The four classes of micronutrients are as follows:

  1. Water-Soluble Vitamins – These vitamins dissolve easily in water with by-products readily excreting from the body after use. Examples of water-soluble vitamins include vitamin C, thiamin, riboflavin, niacin, vitamin B6, vitamin B12, biotin, and pantothenic acid. The body does not produce water-soluble vitamins on its own, so you usually have to get them from food (e.g. vitamin C from oranges or strawberries).
  2. Fat-Soluble Vitamins – These vitamins dissolve in lipids. The body tends to store fat-soluble vitamins longer by slowly absorbing them through the intestinal tract. Examples include vitamins A, D, E, and K.
  3. Microminerals – Microminerals provide specific, often structure roles in your body. Examples include calcium (essential for teeth and bones), magnesium (important for blood regulation), sodium (helps maintain fluid balance), and potassium (important for nerve and muscle function).
  4. Trace Minerals – These are small compounds necessary for a range of biochemical processes. Examples include iron, zinc, copper, iodine, selenium, and manganese.

MicronutrientsDietary guidelines for micronutrients often depend on age and body size. If you feel that you might have a micronutrient deficiency, speak with your physician for an official investigation. Suggested quantities for selected micronutrients include the following examples:

  • Vitamin C – 90 mg for men; 75 mg for women
  • Vitamin E – 15 mg
  • Vitamin D – 600 international units (IU)
  • Vitamin B12 – 2.4 mcg
  • Folate – 400 mg
  • Calcium – 1,000 mg
  • Potassium – 4,700 mg
  • Iron – 8 mg for men; 18 mg for women
  • Copper – 900 mcg
  • Zinc – 11 mg for men; 8 mg for women

Note: All examples refer to individuals ages 19-50.

 

Why Do Some Nutrition Programs Emphasize “Counting Macros”?

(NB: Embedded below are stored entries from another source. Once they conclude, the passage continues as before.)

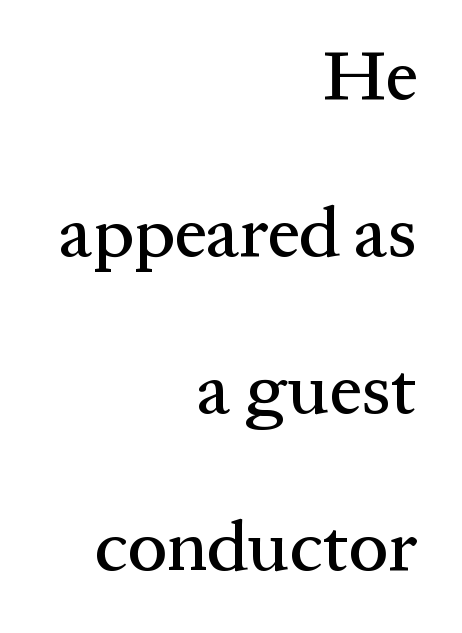
Q: Is the text italic (slanted)? A: No, it is upright.
Q: Is the typeface a serif or a sans-serif typeface? A: Serif.
Q: Is the text underlined? A: No.
Q: How is the paragraph aligned? A: Right-aligned.
Q: Is the spacing between letters normal or unusually wide? A: Normal.
Q: Is the spacing between lines tight, normal or loose? A: Loose.
Q: Width (condensed, normal, or wide)? A: Normal.
Q: Stroke contrast? A: Medium.
Q: x-height? A: Medium.
Q: Monospaced? A: No.
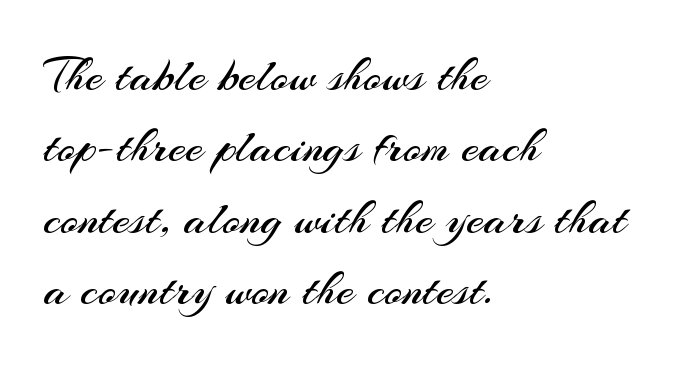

You may notice that some popular fitness programs (such as the ketogenic diet or the paleo diet) require quantifying macros for best results. The reason is that from a micronutrient perspective, these diets emphasize whole foods that provide energy and sustenance like whole grains, vegetables, fruits, legumes, nuts, and lean protein. In addition, these meal plans depend on the individual to obtain micronutrients through antioxidant foods or a high-quality supplement.

 

Are Micronutrients More Important Than Macronutrients?

Both macronutrients and micronutrients are important to achieve balanced bodily functions. For example, macronutrients are necessary to build and regrow tissues, maintain internal body temperature, and regulate energy expenditure. In comparison, micronutrients are critical to most chemical reactions within the body.

Another distinction is that while most foods contain at least one of the major macronutrients (such as carbohydrates or protein), there is no real guarantee that a food contains any singular micronutrient (such as calcium or vitamin C). This is especially true for processed foods. For this reason, many dieticians recommend always choosing nutrient-dense or antioxidant-rich foods to ensure the recommended intake of vitamins and minerals.